• **What is required**
Print nothing but the lines below starting at the line that holds "Is it documentary, traditionary, or" and ending at the line that holds "(If for increase)", including both, each exactly as written.

• **Dataset content**
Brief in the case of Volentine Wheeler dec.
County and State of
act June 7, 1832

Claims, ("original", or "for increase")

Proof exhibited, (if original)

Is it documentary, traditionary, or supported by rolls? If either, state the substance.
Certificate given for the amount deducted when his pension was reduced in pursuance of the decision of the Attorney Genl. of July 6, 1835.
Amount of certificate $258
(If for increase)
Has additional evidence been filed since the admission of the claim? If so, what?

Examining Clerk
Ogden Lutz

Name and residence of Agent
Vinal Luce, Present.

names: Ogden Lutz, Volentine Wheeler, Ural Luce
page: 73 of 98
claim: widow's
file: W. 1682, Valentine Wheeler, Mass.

...

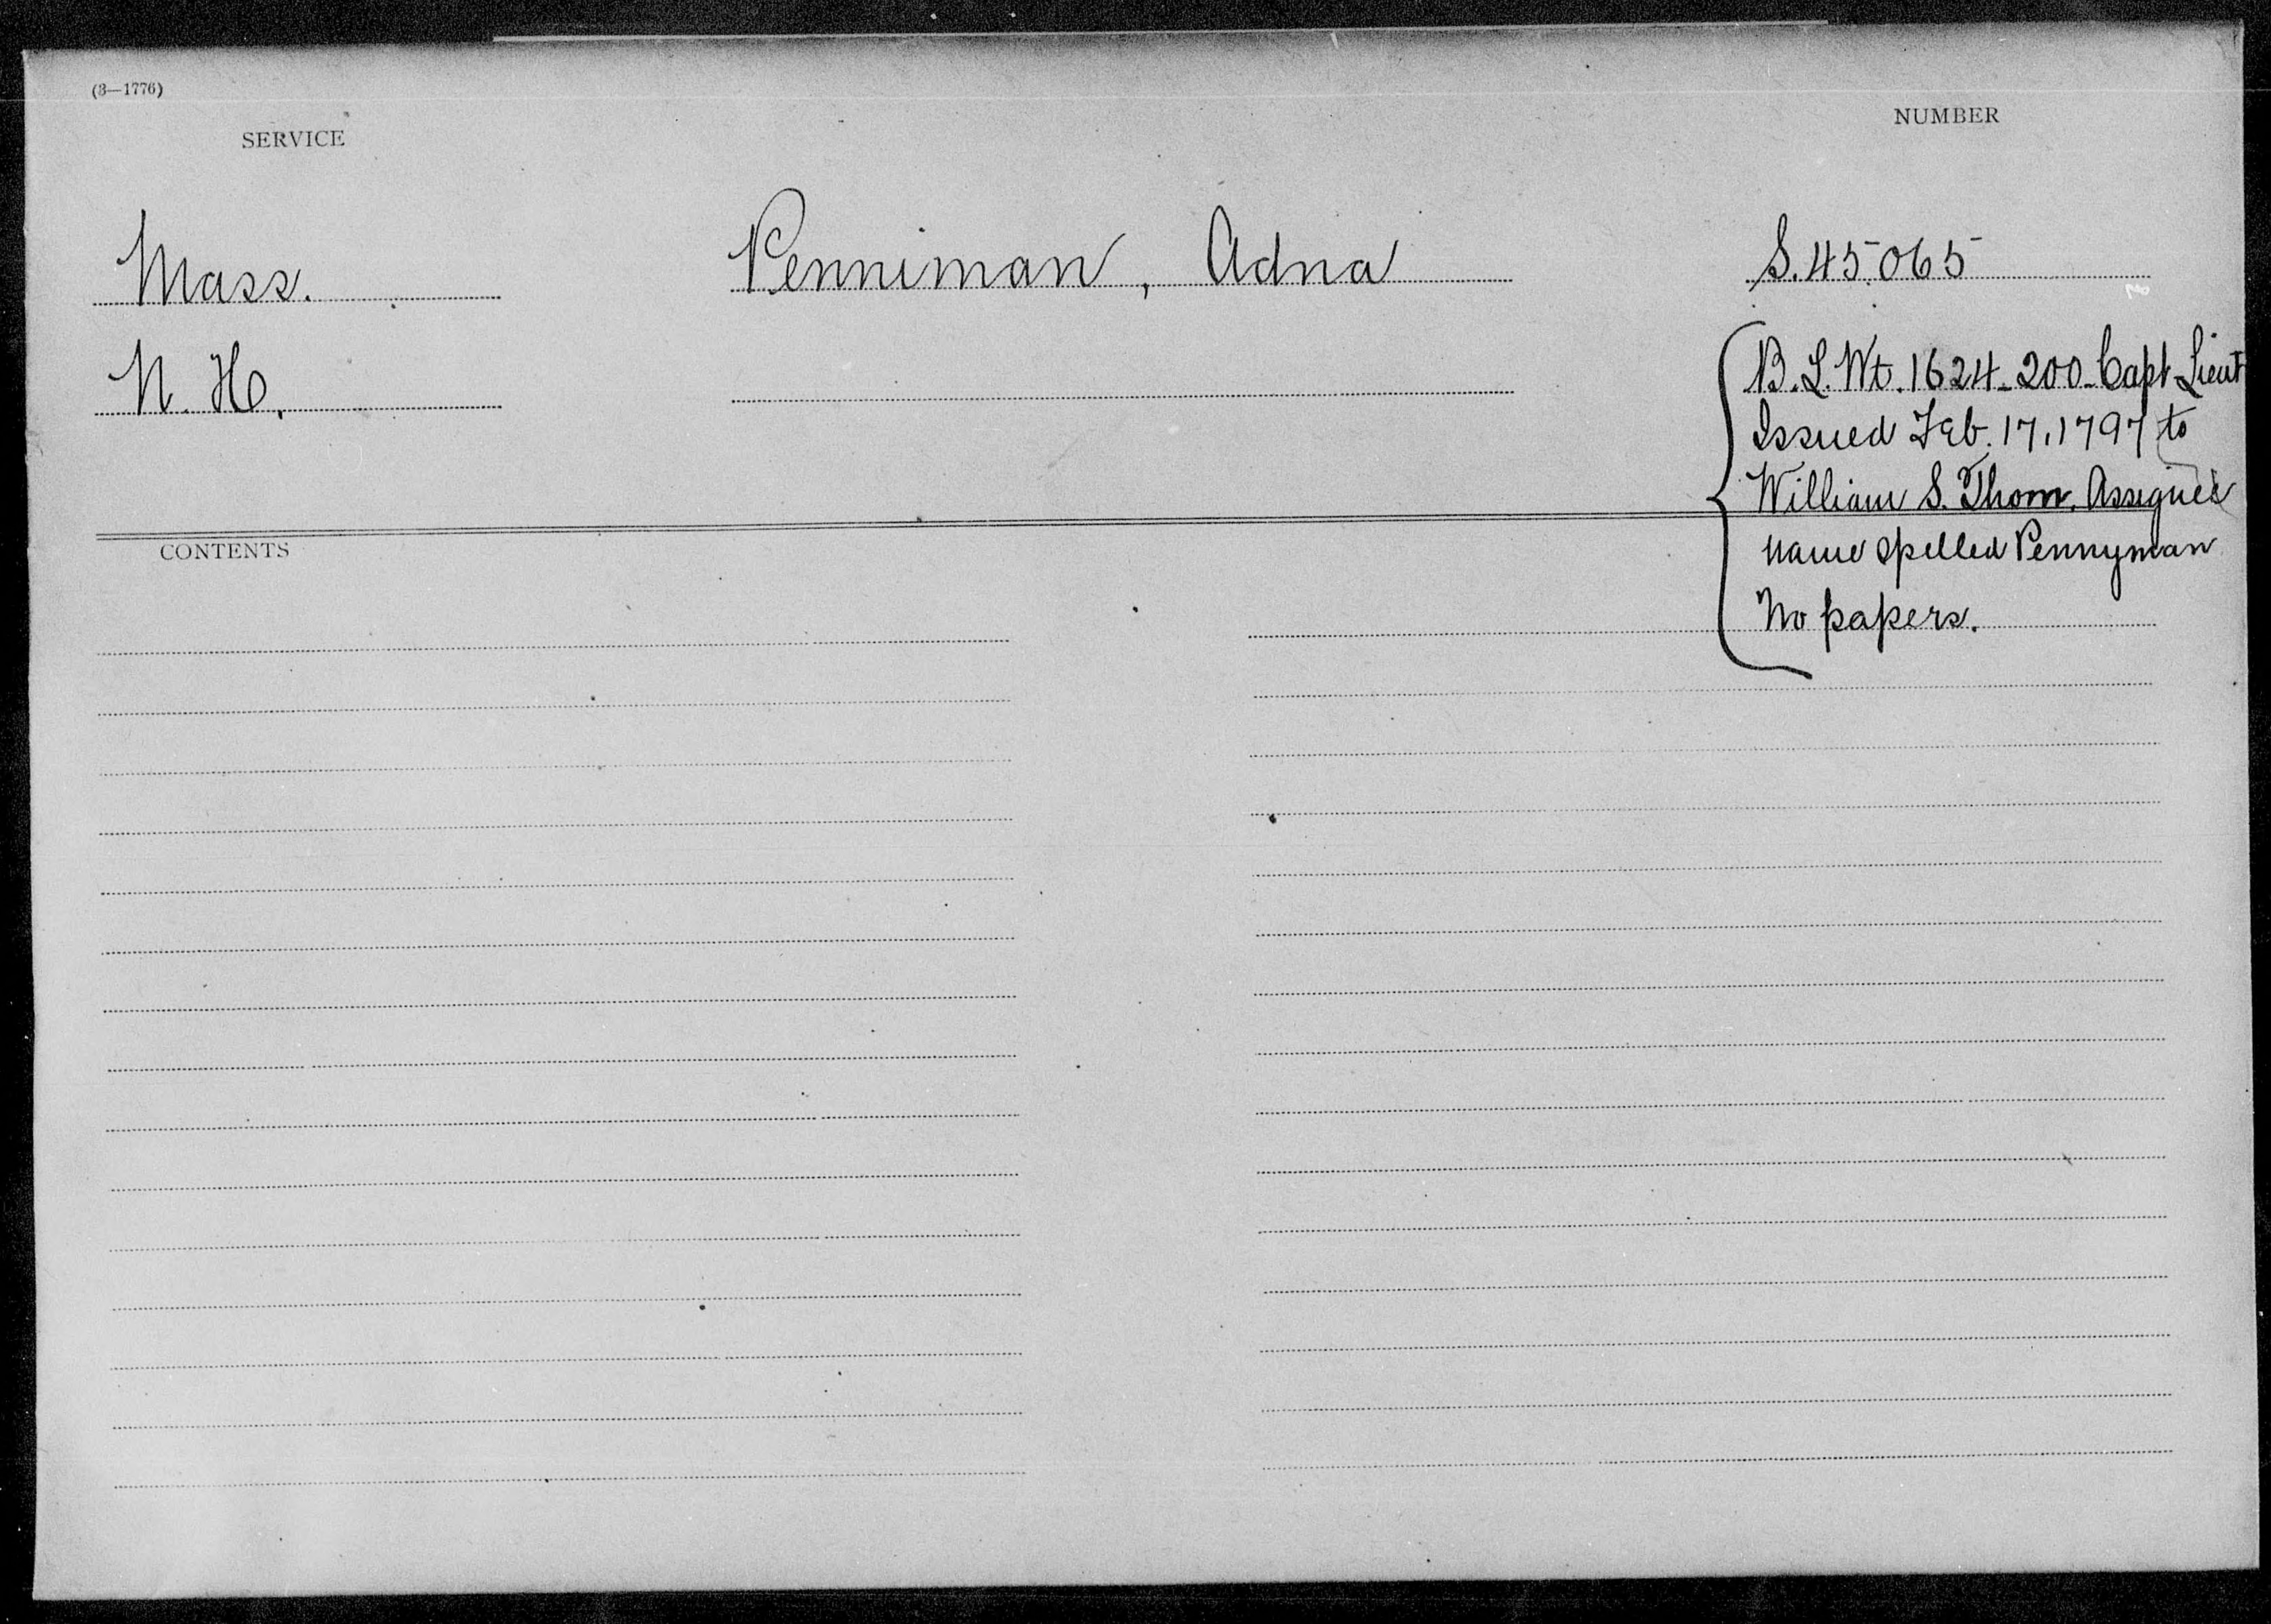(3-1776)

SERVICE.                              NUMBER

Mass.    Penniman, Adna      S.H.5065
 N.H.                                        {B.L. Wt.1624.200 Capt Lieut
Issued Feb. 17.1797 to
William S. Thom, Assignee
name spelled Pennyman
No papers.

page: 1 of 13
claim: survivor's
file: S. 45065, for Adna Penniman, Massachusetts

• **Written answer**
Is it documentary, traditionary, or supported by rolls? If either, state the substance.
Certificate given for the amount deducted when his pension was reduced in pursuance of the decision of the Attorney Genl. of July 6, 1835.
Amount of certificate $258
(If for increase)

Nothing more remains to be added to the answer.